2014-01-23

How to set up a simple mail server on Debian in 5 easy steps

This tutorial will take you through the steps of setting up and configuring a simple mail server (SMTP, POP3, IMAP) on Debian/Linux. The instructions will be given for Debian, but they can be adapted quite simply to other distributions such as Ubuntu and other Debian-based OSes; you could even pretty much follow the same steps if you're running Red-Hat based systems such as CentOS or Fedora. I can promise you that this is as easy as it gets, provided you have correctly verified and validated the pre-requisites step.

What we will achieve in this tutorial

We will be setting up a simple email server with the following basic functionality:

  • The server will be able to both send (via SMTP) and receive emails (via IMAP and POP3) optionally with SSL functionality
  • User accounts and passwords will be encrypted and stored in a simple text file, which can be managed easily with a text editor.
  • It will support a potentially infinite amount of mailboxes over one or more domains
  • As a bonus step, I will give directions on how to set up webmail software on your server, to access your email online.

I have chosen to detail each step of the way as clearly as possible so that you understand what you're doing.
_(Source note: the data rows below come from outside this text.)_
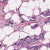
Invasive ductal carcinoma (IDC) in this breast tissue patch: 1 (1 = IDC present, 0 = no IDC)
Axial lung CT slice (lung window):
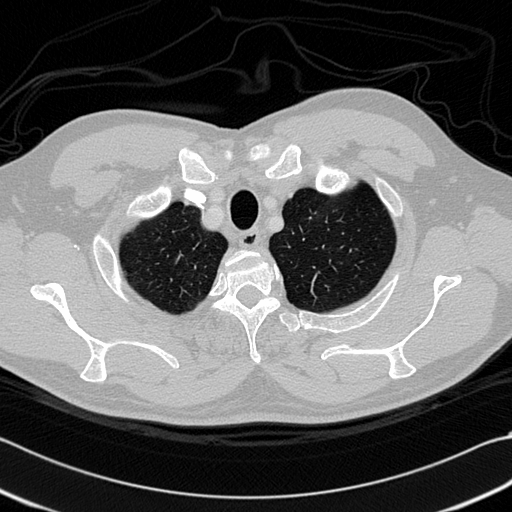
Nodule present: no
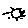
Label: sun
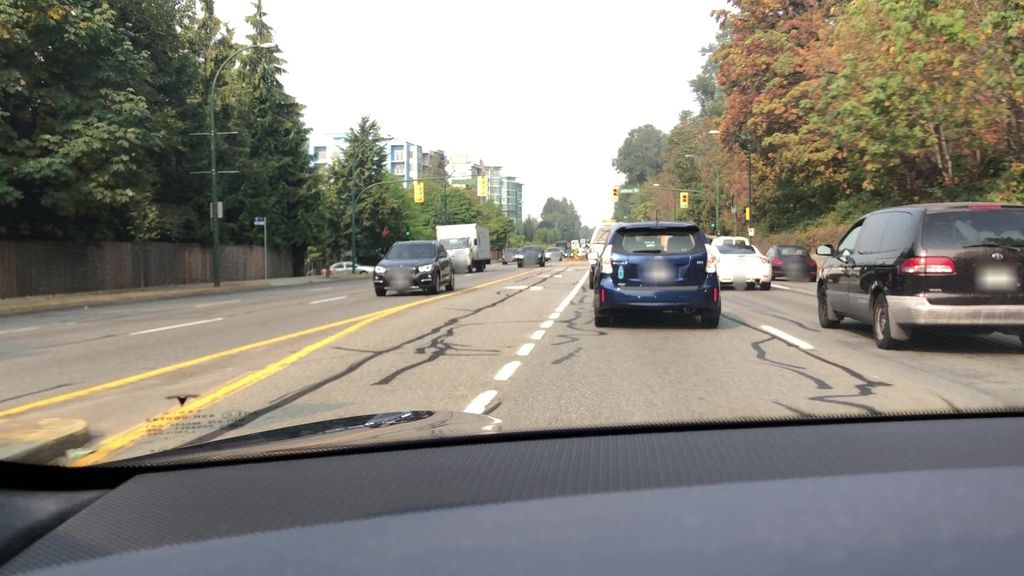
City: vancouver
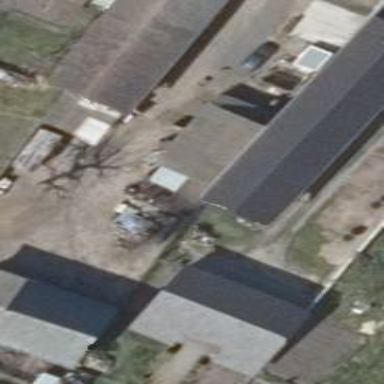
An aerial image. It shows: Farm building.
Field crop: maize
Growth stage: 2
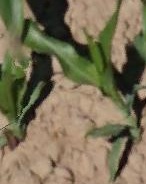
Species: maize
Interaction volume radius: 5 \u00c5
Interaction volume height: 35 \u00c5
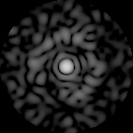
Disorder parameter: 0.8464
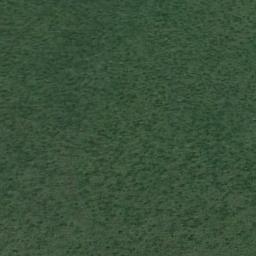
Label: meadow
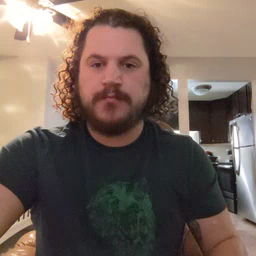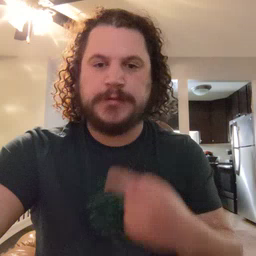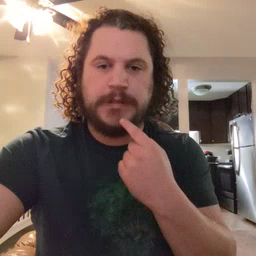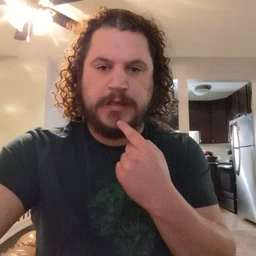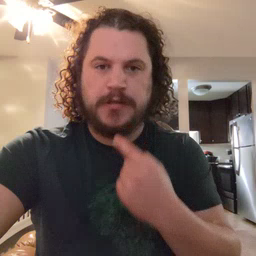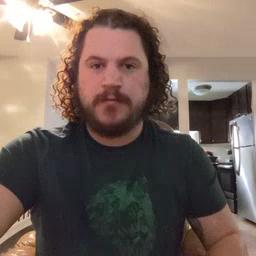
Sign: say
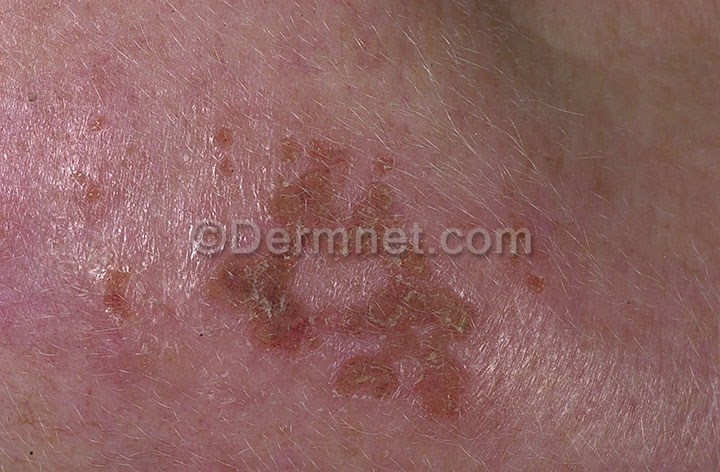
Disease: Warts Molluscum and other Viral Infections
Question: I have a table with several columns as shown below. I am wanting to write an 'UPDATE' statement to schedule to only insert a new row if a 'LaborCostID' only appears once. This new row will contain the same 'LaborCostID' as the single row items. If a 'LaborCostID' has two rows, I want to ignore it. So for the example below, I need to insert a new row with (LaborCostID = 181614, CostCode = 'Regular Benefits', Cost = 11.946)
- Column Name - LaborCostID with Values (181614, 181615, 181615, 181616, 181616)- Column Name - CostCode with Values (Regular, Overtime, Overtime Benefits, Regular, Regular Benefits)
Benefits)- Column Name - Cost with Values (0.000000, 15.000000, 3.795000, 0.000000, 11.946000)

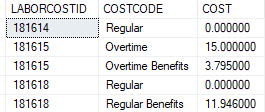
Answer: Thanks, I figured out a Where statement that helped me get it.
select *
from azteca.LABORCOSTACTDETAIL t1
where LABORCOSTID IN (Select *
From (Select LABORCOSTID
From azteca.LABORCOSTACTDETAIL
Group By LABORCOSTID
Having Count(azteca.LABORCOSTACTDETAIL.LABORCOSTID) = 1)
as a);

If you aren't interested in getting to the bottom of things you can just skim through the tutorial and copy-paste pieces of configuration code, but I really wouldn't recommend it - you might end up spending even more time trying to fix broken configurations.

Pre-requisites

Along this tutorial I will be configuring one domain, but as you'll see you can repeat the operation to add support for multiple domains. I will be referring to the domain as "example.com" but obviously you'll need to replace that with your own domain name. Now let's see what is required before we begin configuring your server.

  • You need a domain name, such as example.com
  • The MX record(s) of your domain's DNS zone must point to your server.
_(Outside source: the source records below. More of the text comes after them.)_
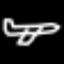
Label: airplane
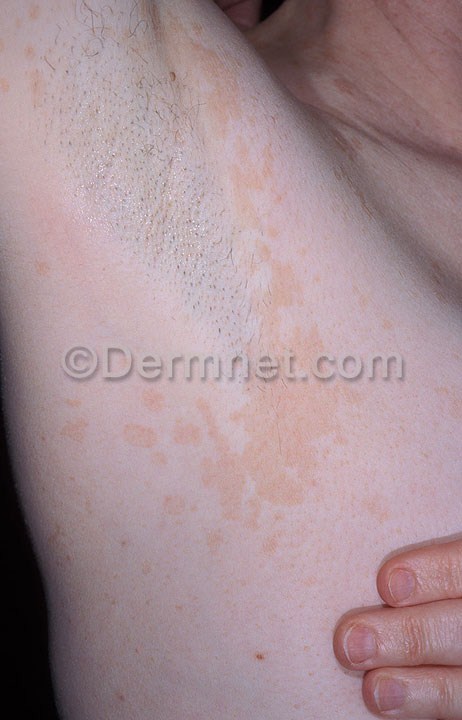
Disease: Tinea Ringworm Candidiasis and other Fungal Infections
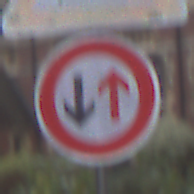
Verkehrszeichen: VorrangDesGegenverkehrs
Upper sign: Arbeitsstelle
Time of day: Midday
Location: Outdoor (Urban)
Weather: Overcast
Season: NotSpecified
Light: Natural
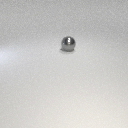
large gray metal sphere
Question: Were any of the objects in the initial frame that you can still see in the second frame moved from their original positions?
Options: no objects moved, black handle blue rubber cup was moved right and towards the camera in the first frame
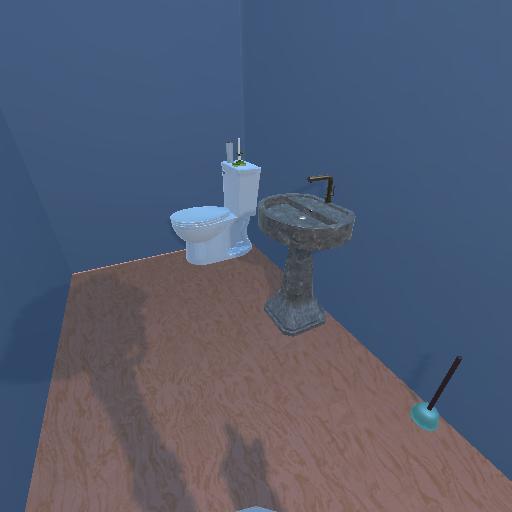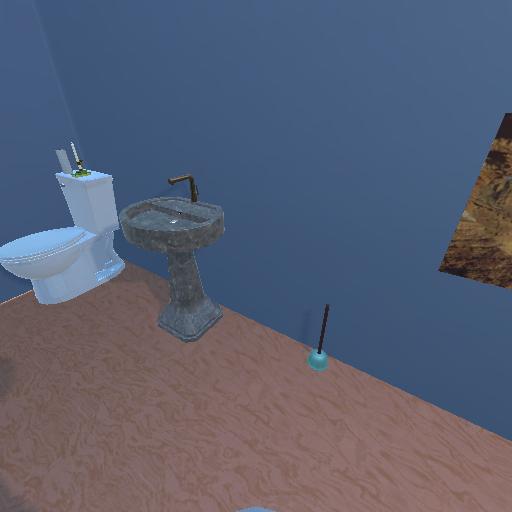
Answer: no objects moved
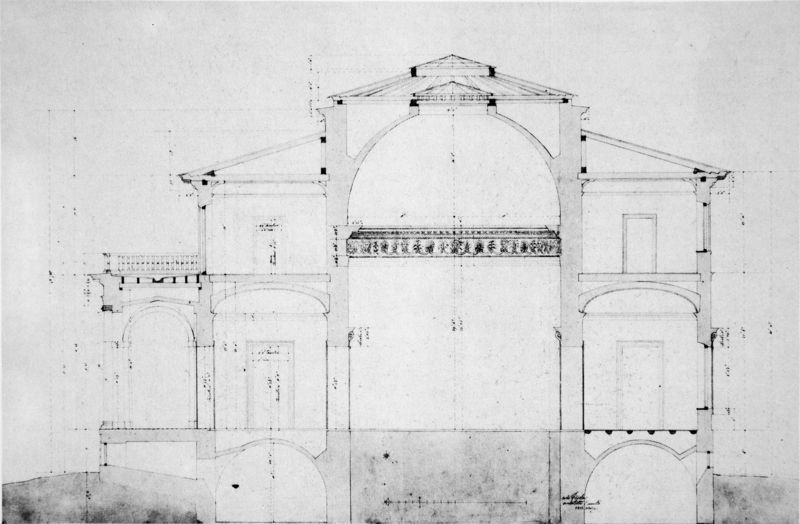
Titel: Palais Hompesch am Karolinenplatz 5 in München - Längsschnitt
Künstler: Carl von Fischer
Standort: München
Institution: Architektursammlung der Technischen Universität
Schlagwörter: weiß, fenster, grau, holz, schwarz, skizze, stützen, säule, säulen, tür, zeichnung, dach, gebäude, haus, schloss, masse, ornament, kappen, architektur, brüstung, kirche, decke, renaissance, balkon, terrasse, schiff, bogen, fassade, italien, türen, venedig, studie, dächer, giebel, mauer, grafik, graphik, linien, kuppel, geländer, halle, bögen, wände, wei, eingang, keller, tusche, arkade, loggia, gewölbe, antike, höhe, anschnitt, palast, balustrade, druck, schnitt, schwarz-weiss, radierung, stich, bleistift, räume, entwurf, architrav, arkaden, hauptschiff, kapitelle, rom, fries, tore, villa, gesims, mittelschiff, dreischiffig, seitenschiff, mauern, konstruktion, vorderansicht, etagen, geschosse, plan, vorlage, kupferstich, stockwerke, querschnitt, römisch, basilika, grundriss, aufbau, aufriss, flachdach, hauptfassade, kriche, pultdach, satteldach, romanisch, fundament, sektion, untergeschoss, seitenschiffe, obergeschoss, aufmass, decken, druckring, mehrschiffig, romanische kirche, schwarzwei, blaupause, messung, blueprint, messen, abstände, dymmetrisch
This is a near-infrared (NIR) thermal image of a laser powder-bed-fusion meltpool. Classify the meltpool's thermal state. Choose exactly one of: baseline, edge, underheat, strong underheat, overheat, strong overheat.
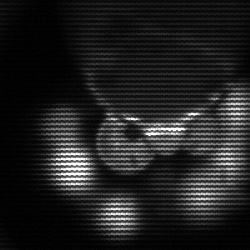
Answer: edge
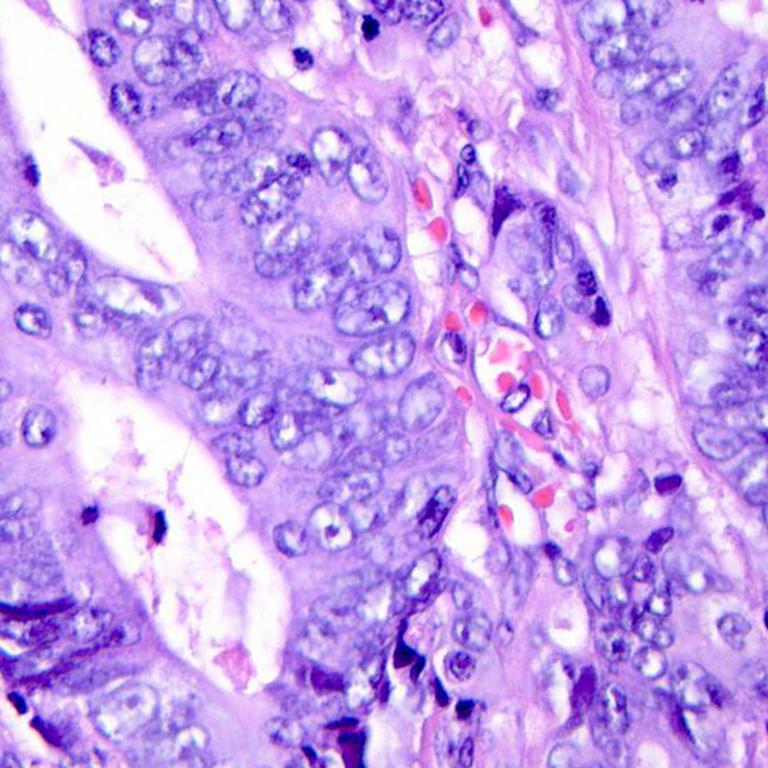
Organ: colon
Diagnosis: adenocarcinomas
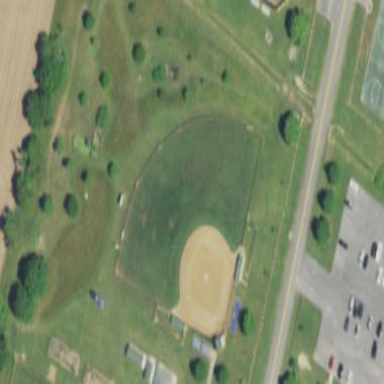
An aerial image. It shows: Baseball pitch for leisure land.
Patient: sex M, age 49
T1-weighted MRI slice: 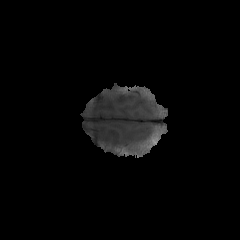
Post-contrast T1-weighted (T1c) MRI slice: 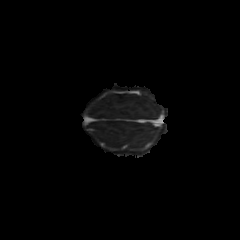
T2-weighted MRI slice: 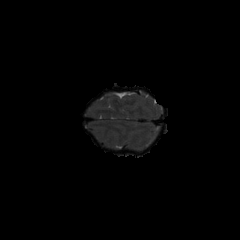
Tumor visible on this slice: yes
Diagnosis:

What does the latter part mean? Let's try to understand how things work here. When you send an e-mail from your @gmail.com email adress to another mailbox @example.com, Gmail will attempt to contact the DNS server associated to example.com and basically ask a simple question: "what is the IP address of the server handling your email communications?" The answer given to Gmail is the contents of the MX records from your domain's DNS zone. Consequently, if we want our mail server to be correctly associated to example.com, we need to make sure the DNS zone of example.com contains an MX record that indicates a hostname pointing to the IP of your mail server.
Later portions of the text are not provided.